- PROBLEM REQUIREMENTS: Repeat exactly the lines of the records below, starting at the line containing "Es bleiben also" and ending at the line containing "et y aequ bb-aa/2x". Leave the pictures out.
--------------------------------------------------
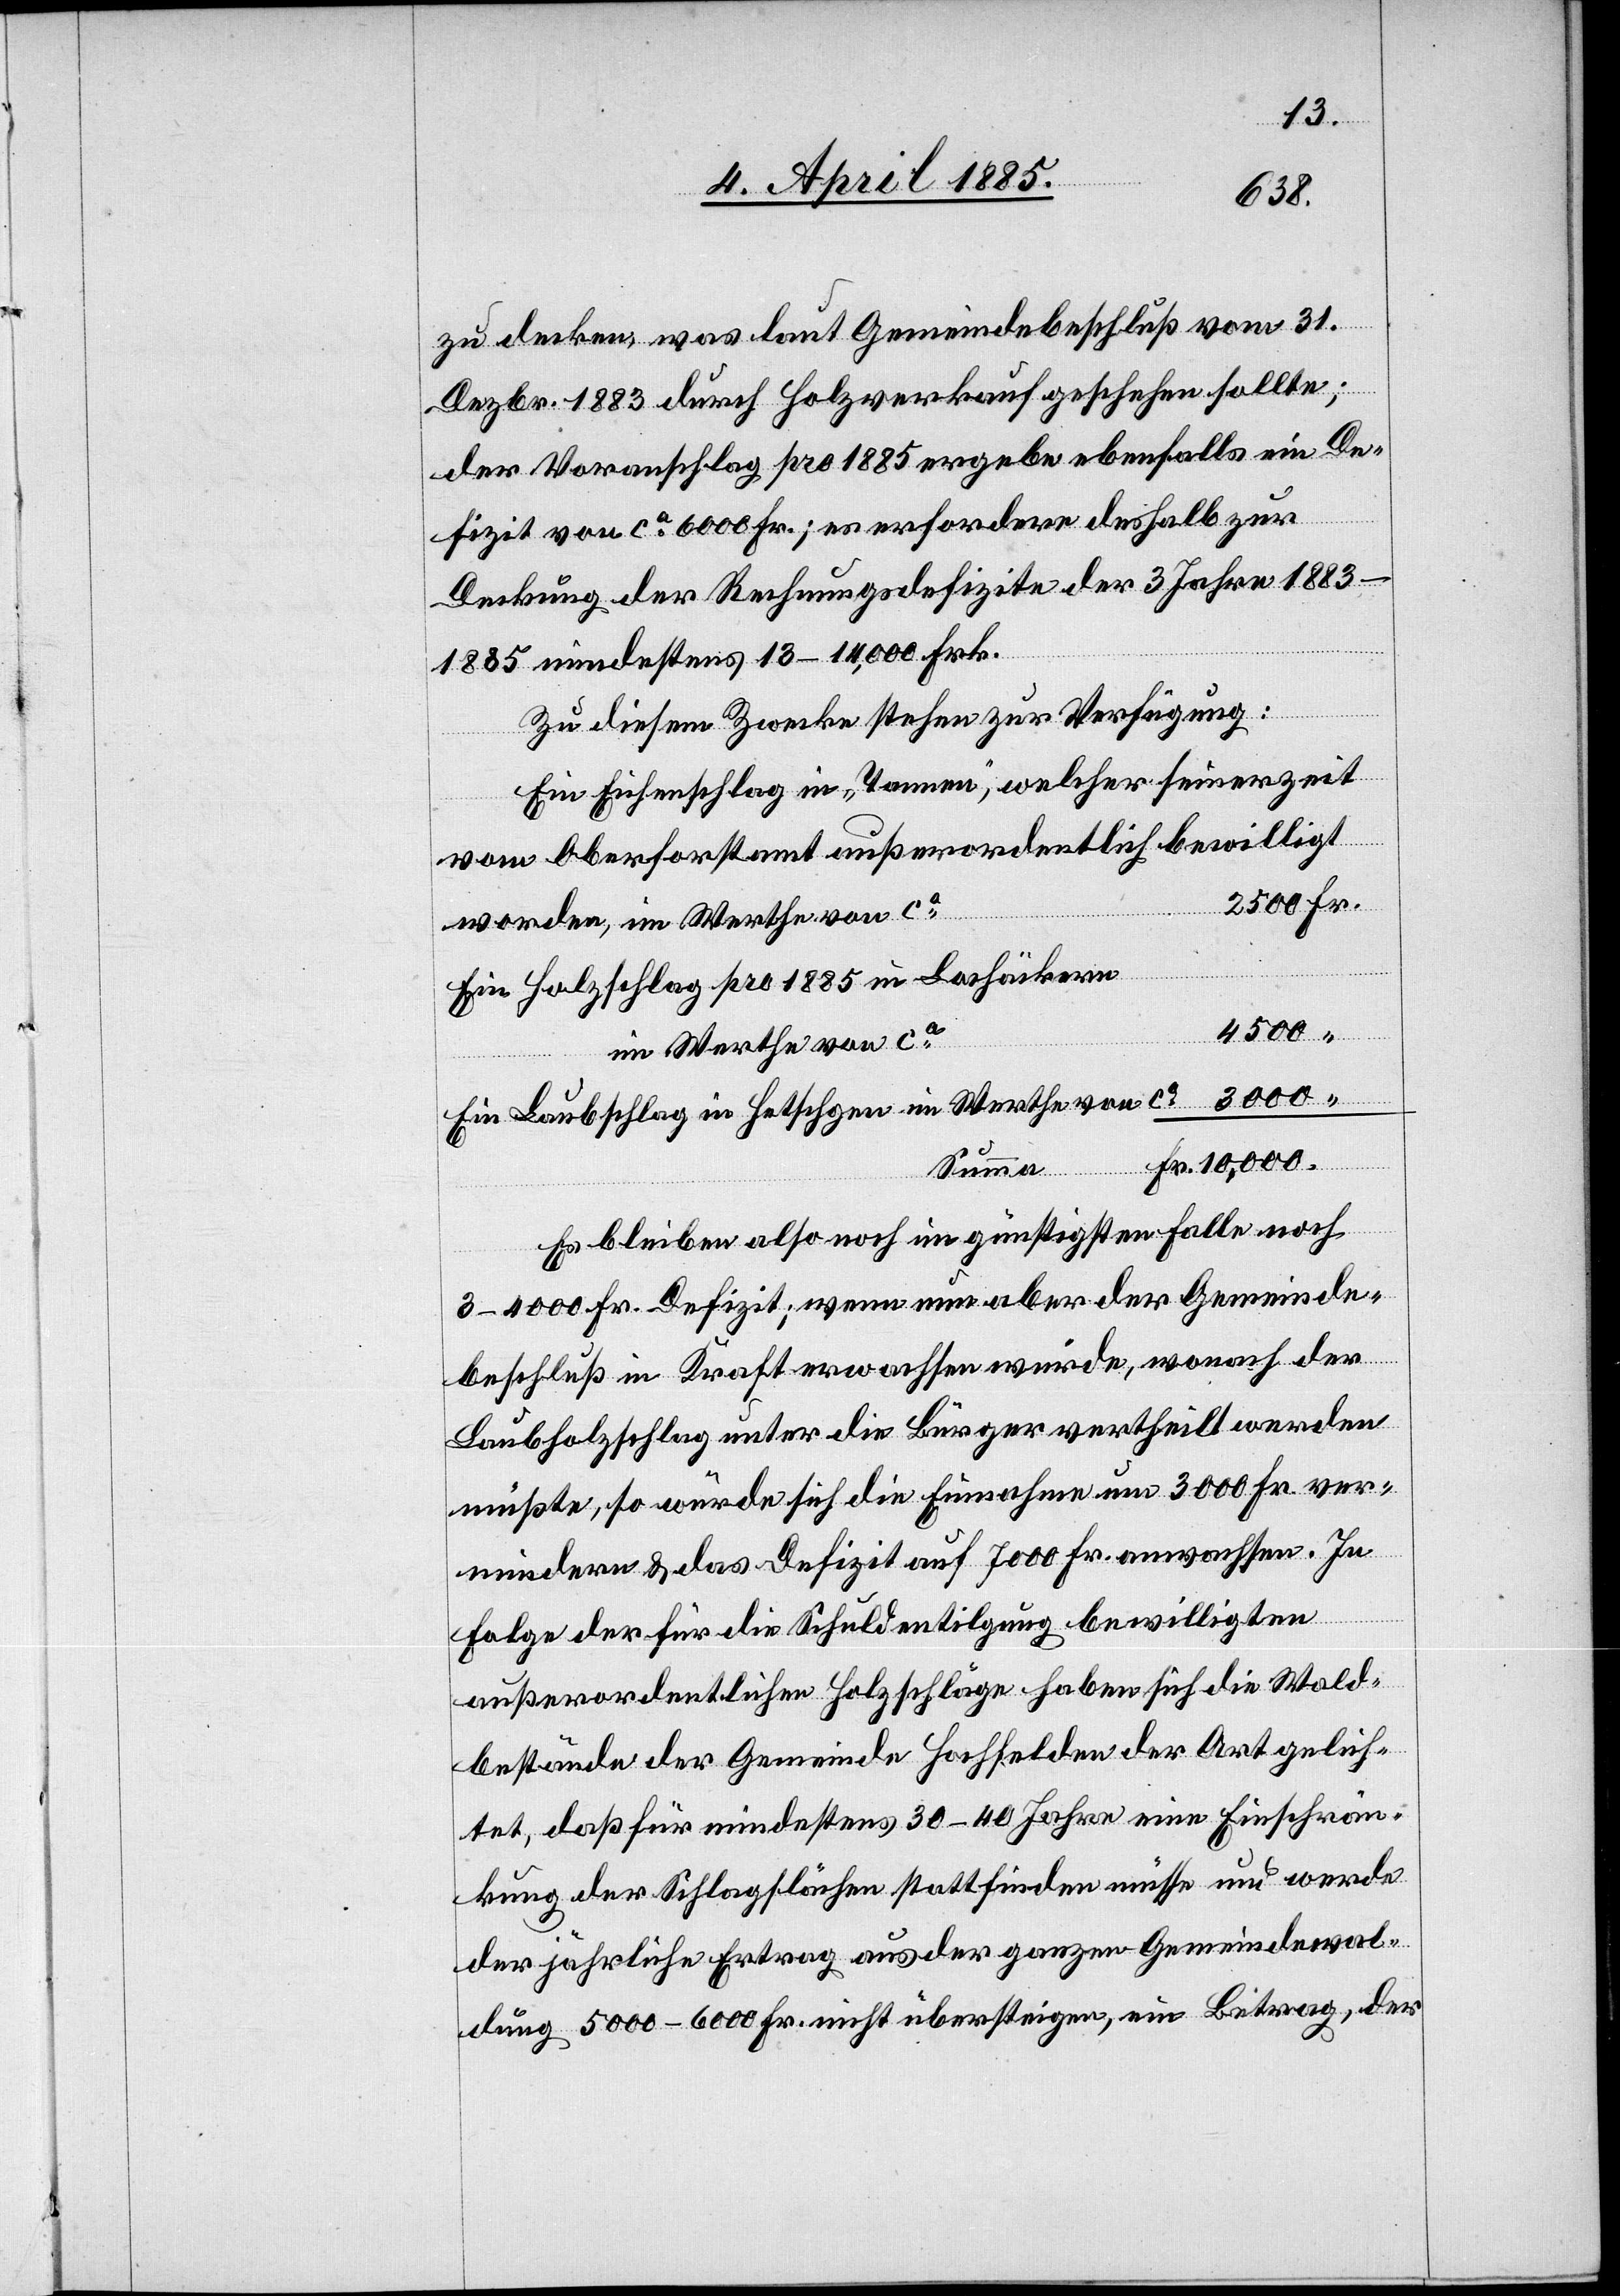
zu decken, was laut Gemeindebeschluß vom 31.
Dezbr. 1883 durch Holzverkauf geschehen sollte;
der Voranschlag pro 1885 ergebe ebenfalls ein De¬
fizit von ca 6000 Fr.; es erfordere deshalb zur
Deckung der Rechnungsdefizite der 3 Jahre 1883–1885
mindestens 13–14,000 Frk.
Zu diesem Zwecke stehen zur Verfügung:
Ein Eichenschlag in „Tannen“, welcher seinerzeit
vom Oberforstamt außerordentlich bewilligt
worden, im Wethe von ca
Ein Holzschlag pro 1885 in Bachäckern
2500
Fr.
im Werthe von ca
“
Ein Laubschlag in Hetschgen im Werthe von ca
Summa
Es bleiben also noch im günstigsten Falle noch
3–4000 Fr. Defizit; wenn nun aber der Gemeinde¬
beschluß in Kraft erwachsen würde, wonach der
Laubholzschlag unter die Bürger vertheilt werden
müßte, so würde sich die Einnahme um 3000 Fr. ver¬
mindern & das Defizit auf 7000 Fr. anwachsen. In
Folge der für die Schuldentilgung bewilligten
außerordentlichen Holzschläge haben sich die Wald¬
bestände der Gemeinde Hochfelden der Art gelich¬
tet, daß für mindestens 30–40 Jahre eine Einschrän¬
kung der Schlagflächen stattfinden müsse und werde
der jährliche Ertrag aus der ganzen Gemeindewal¬
dung 5000–6000 Fr. nicht übersteigen, ein Beitrag, der
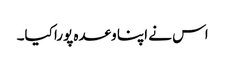
اس نے اپنا وعدہ پورا کیا۔
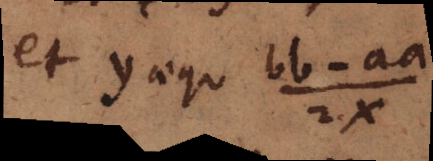
et y aequ bb-aa/2x
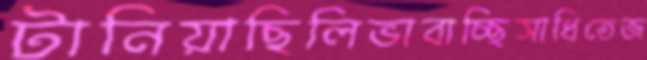
টানিয়াছিলিভাবাচ্ছিসাধিতেজ
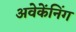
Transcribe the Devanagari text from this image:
अवेकेंनिंग
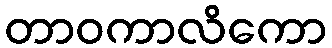
တာဝကာလိကော
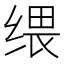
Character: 𦈓
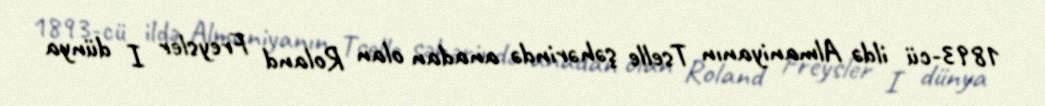
1893-cü ildə Almaniyanın Tselle şəhərində anadan olan Roland Freysler I dünya
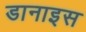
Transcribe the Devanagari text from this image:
डानाइस
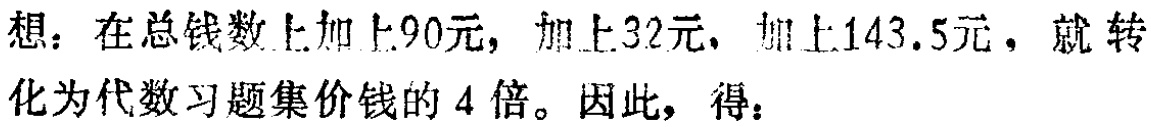
想：在总钱数上加上\(90\)元，加上\(32\)元，加上\(143.5\)元，就转化为代数习题集价钱的 \(4\)倍。因此，得：
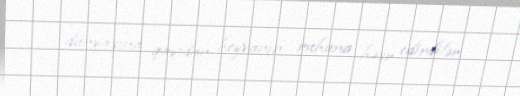
dünyasına qayıdan heyvanın ruhuna həsr edirdilər.
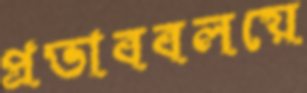
প্রভাববলয়ে
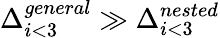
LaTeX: \Delta_{i<3}^{general}\gg\Delta_{i<3}^{nested}
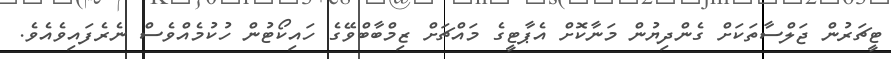
ޓީޗަރުން ޖަލްސާތަކަށް ގެންދިޔުން މަނާކޮށް އެޕާޓީގެ މައްޗަށް ޒިމްބާބްވޭގެ ހައިކޯޓުން ހުކުމެއްވެސް ނެރެފައިވެއެވެ.
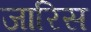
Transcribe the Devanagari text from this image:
जारिस
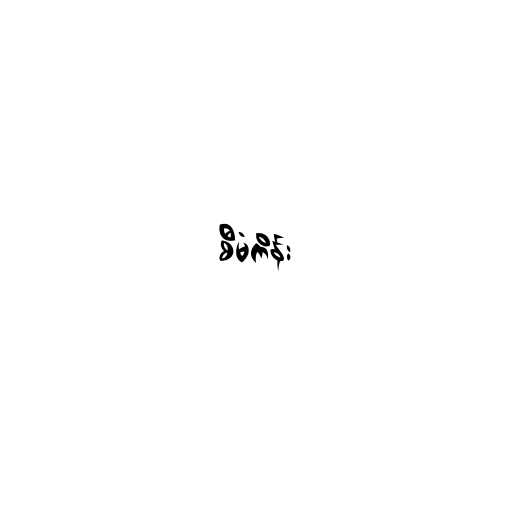
စီမံကိန်း
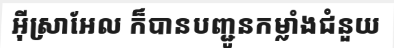
អ៊ីស្រាអែល ក៏បានបញ្ជូនកម្លាំងជំនួយ
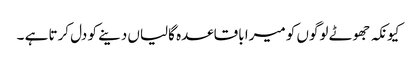
کیونکہ جھوٹے لوگوں کو میرا باقاعدہ گالیاں دینے کو دل کرتا ہے ۔
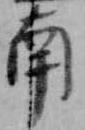
南
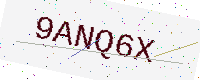
Text: 9ANQ6X
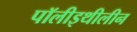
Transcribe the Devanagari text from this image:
पॉलीइथीलीन
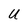
Character: U
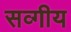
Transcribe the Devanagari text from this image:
सव्गीय
--------------------------------------------------
- OUTPUT BELOW:
Es bleiben also noch im günstigsten Falle noch
3–4000 Fr. Defizit; wenn nun aber der Gemeinde¬
beschluß in Kraft erwachsen würde, wonach der
Laubholzschlag unter die Bürger vertheilt werden
müßte, so würde sich die Einnahme um 3000 Fr. ver¬
mindern & das Defizit auf 7000 Fr. anwachsen. In
Folge der für die Schuldentilgung bewilligten
außerordentlichen Holzschläge haben sich die Wald¬
bestände der Gemeinde Hochfelden der Art gelich¬
tet, daß für mindestens 30–40 Jahre eine Einschrän¬
kung der Schlagflächen stattfinden müsse und werde
der jährliche Ertrag aus der ganzen Gemeindewal¬
dung 5000–6000 Fr. nicht übersteigen, ein Beitrag, der
اس نے اپنا وعدہ پورا کیا۔
et y aequ bb-aa/2x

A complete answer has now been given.